═════ Data records ═════

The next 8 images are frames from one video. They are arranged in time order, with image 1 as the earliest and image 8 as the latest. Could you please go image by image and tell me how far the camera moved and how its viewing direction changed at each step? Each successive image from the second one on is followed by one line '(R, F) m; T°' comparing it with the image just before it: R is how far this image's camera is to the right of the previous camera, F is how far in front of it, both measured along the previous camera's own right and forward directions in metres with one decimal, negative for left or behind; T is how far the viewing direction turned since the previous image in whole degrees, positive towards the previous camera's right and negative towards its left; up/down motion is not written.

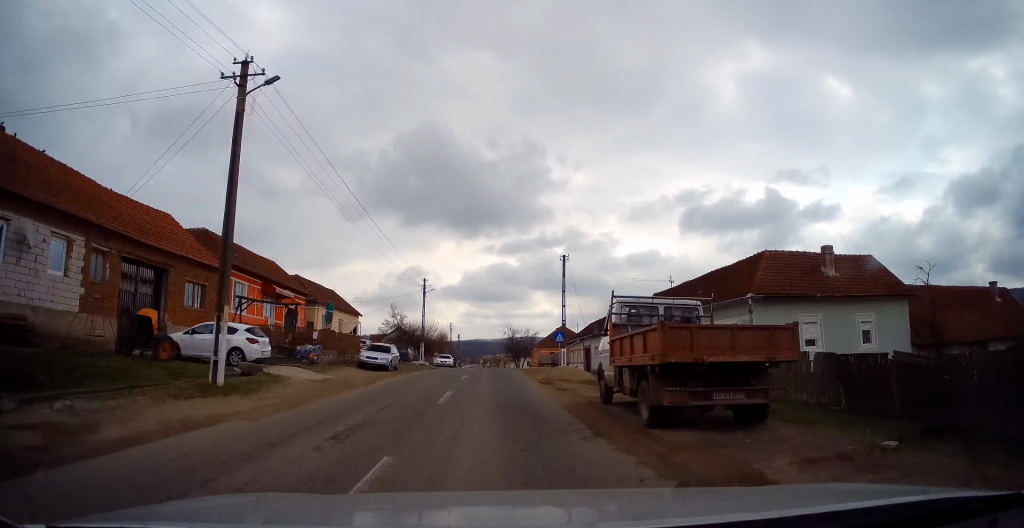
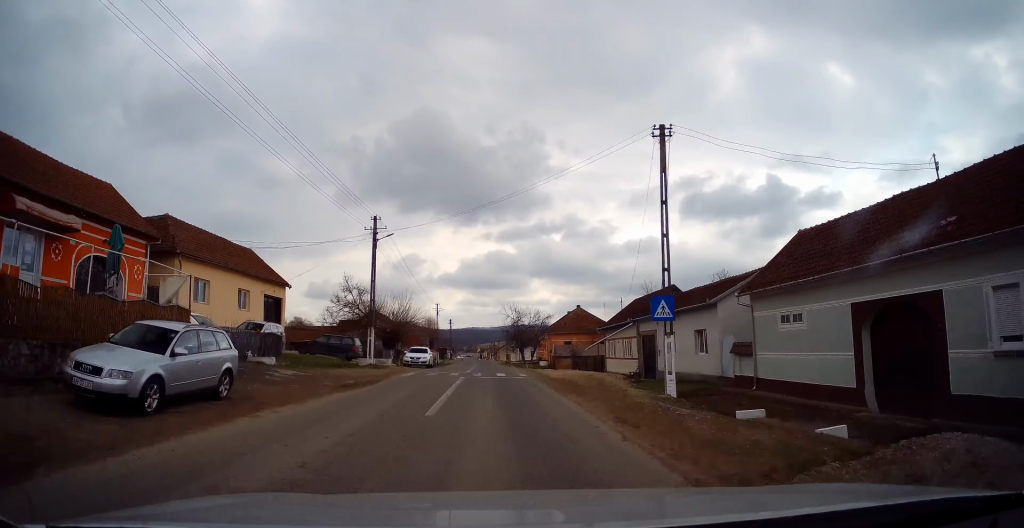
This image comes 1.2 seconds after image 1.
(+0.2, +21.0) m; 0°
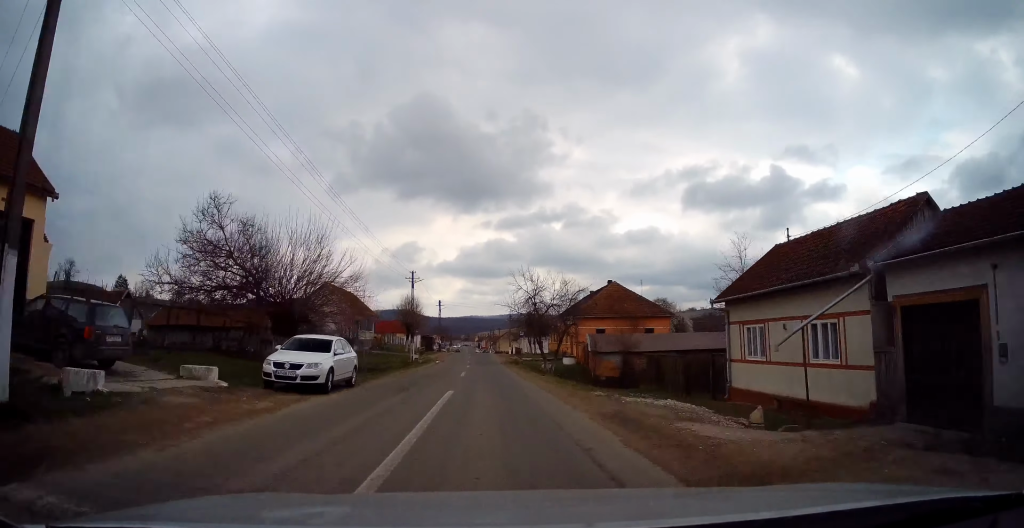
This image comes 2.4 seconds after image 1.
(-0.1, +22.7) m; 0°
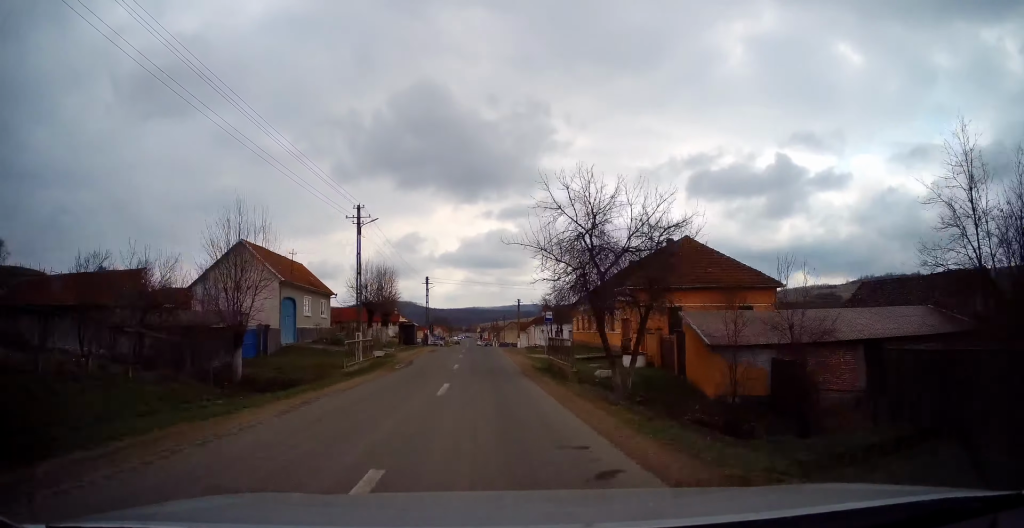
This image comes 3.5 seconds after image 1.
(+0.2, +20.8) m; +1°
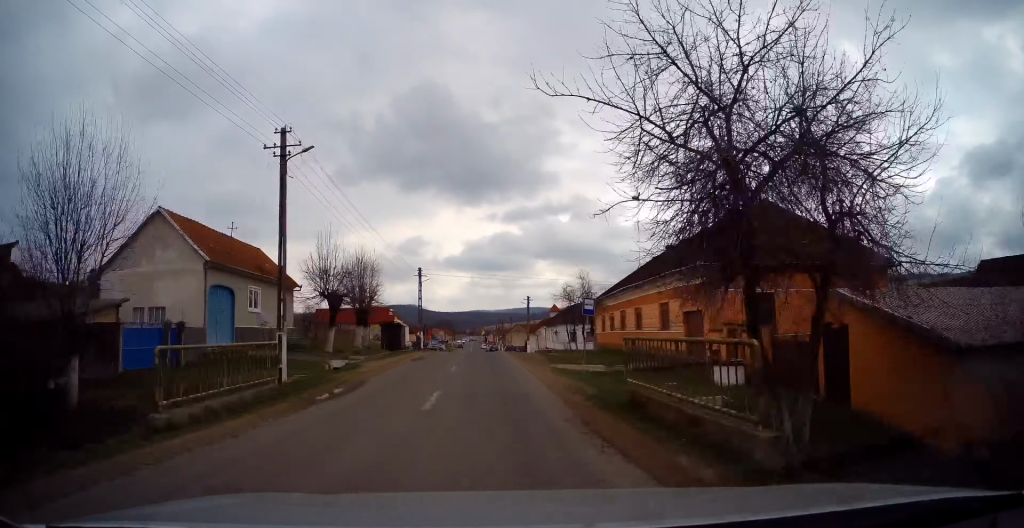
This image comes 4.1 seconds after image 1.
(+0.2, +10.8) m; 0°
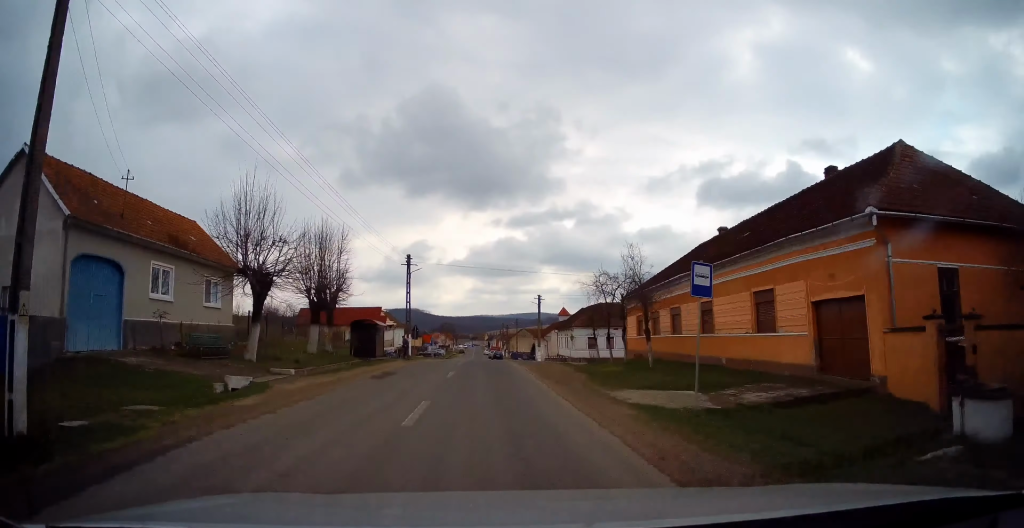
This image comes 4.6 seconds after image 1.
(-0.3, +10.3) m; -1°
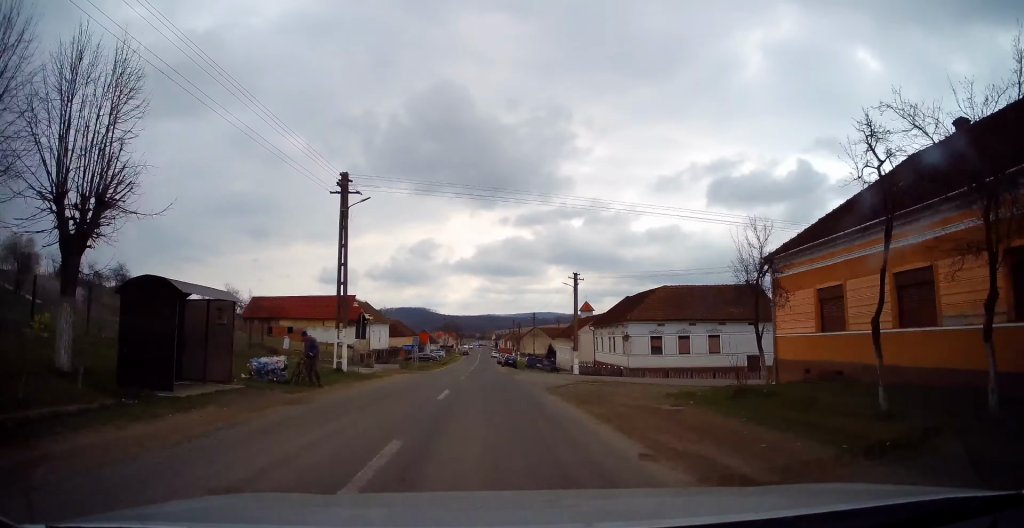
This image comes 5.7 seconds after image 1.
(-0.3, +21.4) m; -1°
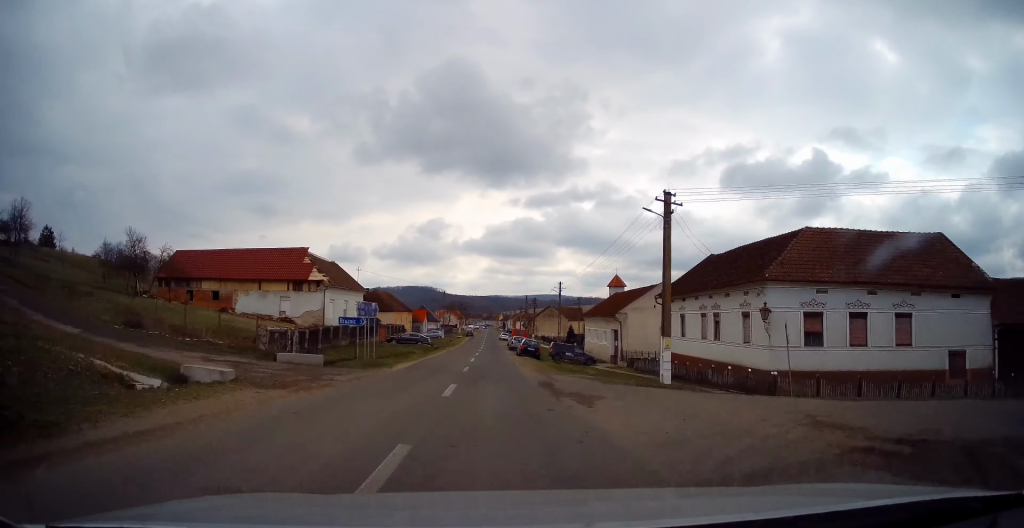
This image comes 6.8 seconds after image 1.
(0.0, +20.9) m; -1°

═════
═════ Data records ═════

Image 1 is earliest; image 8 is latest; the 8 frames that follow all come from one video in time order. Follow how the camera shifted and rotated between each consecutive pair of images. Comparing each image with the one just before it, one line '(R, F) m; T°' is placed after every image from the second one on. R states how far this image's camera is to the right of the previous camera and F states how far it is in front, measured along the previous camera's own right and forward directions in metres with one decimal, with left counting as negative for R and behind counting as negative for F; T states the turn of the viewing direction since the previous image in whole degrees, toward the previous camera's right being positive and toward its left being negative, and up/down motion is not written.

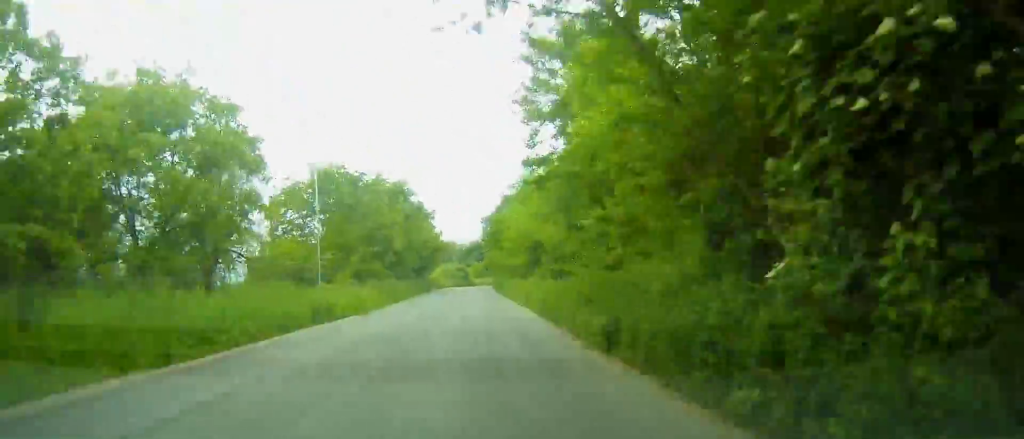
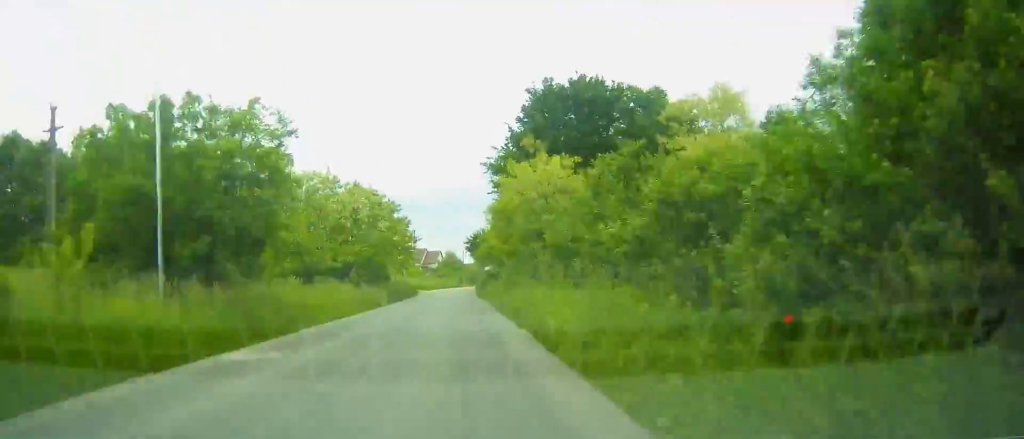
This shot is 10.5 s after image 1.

═════
═════ Data records ═════

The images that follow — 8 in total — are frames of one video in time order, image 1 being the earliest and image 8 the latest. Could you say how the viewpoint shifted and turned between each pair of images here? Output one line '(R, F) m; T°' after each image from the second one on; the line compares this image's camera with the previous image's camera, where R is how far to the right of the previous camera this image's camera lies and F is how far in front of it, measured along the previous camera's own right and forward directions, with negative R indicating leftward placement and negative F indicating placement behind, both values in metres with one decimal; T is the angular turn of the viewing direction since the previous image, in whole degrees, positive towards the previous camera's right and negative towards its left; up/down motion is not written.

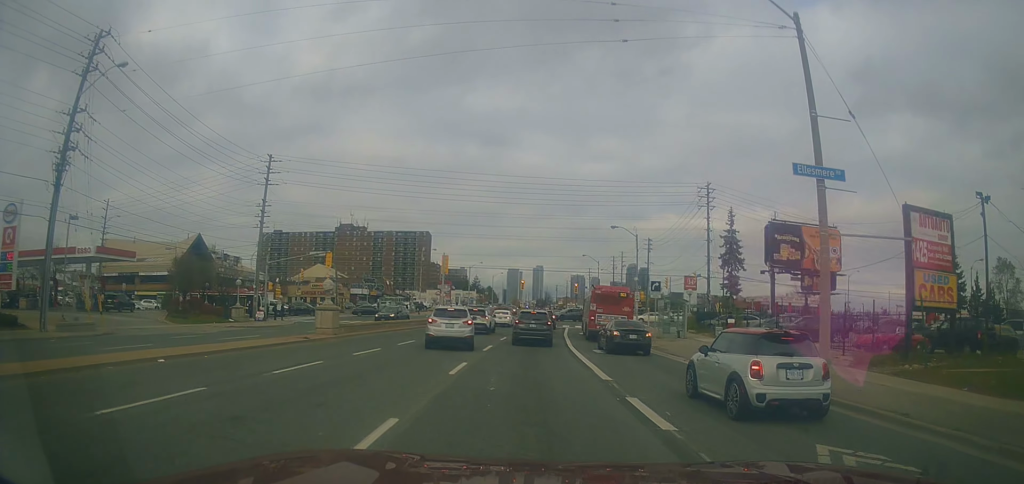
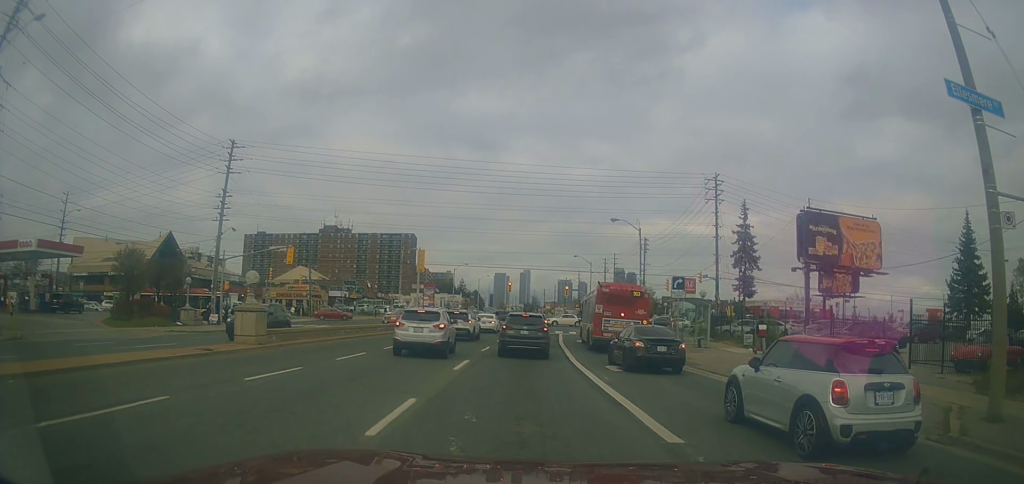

═════

• _Exercise details_
The only acceptable answer is a number: how many lines in the data above hold the word "Could".

• _Worked solution_
2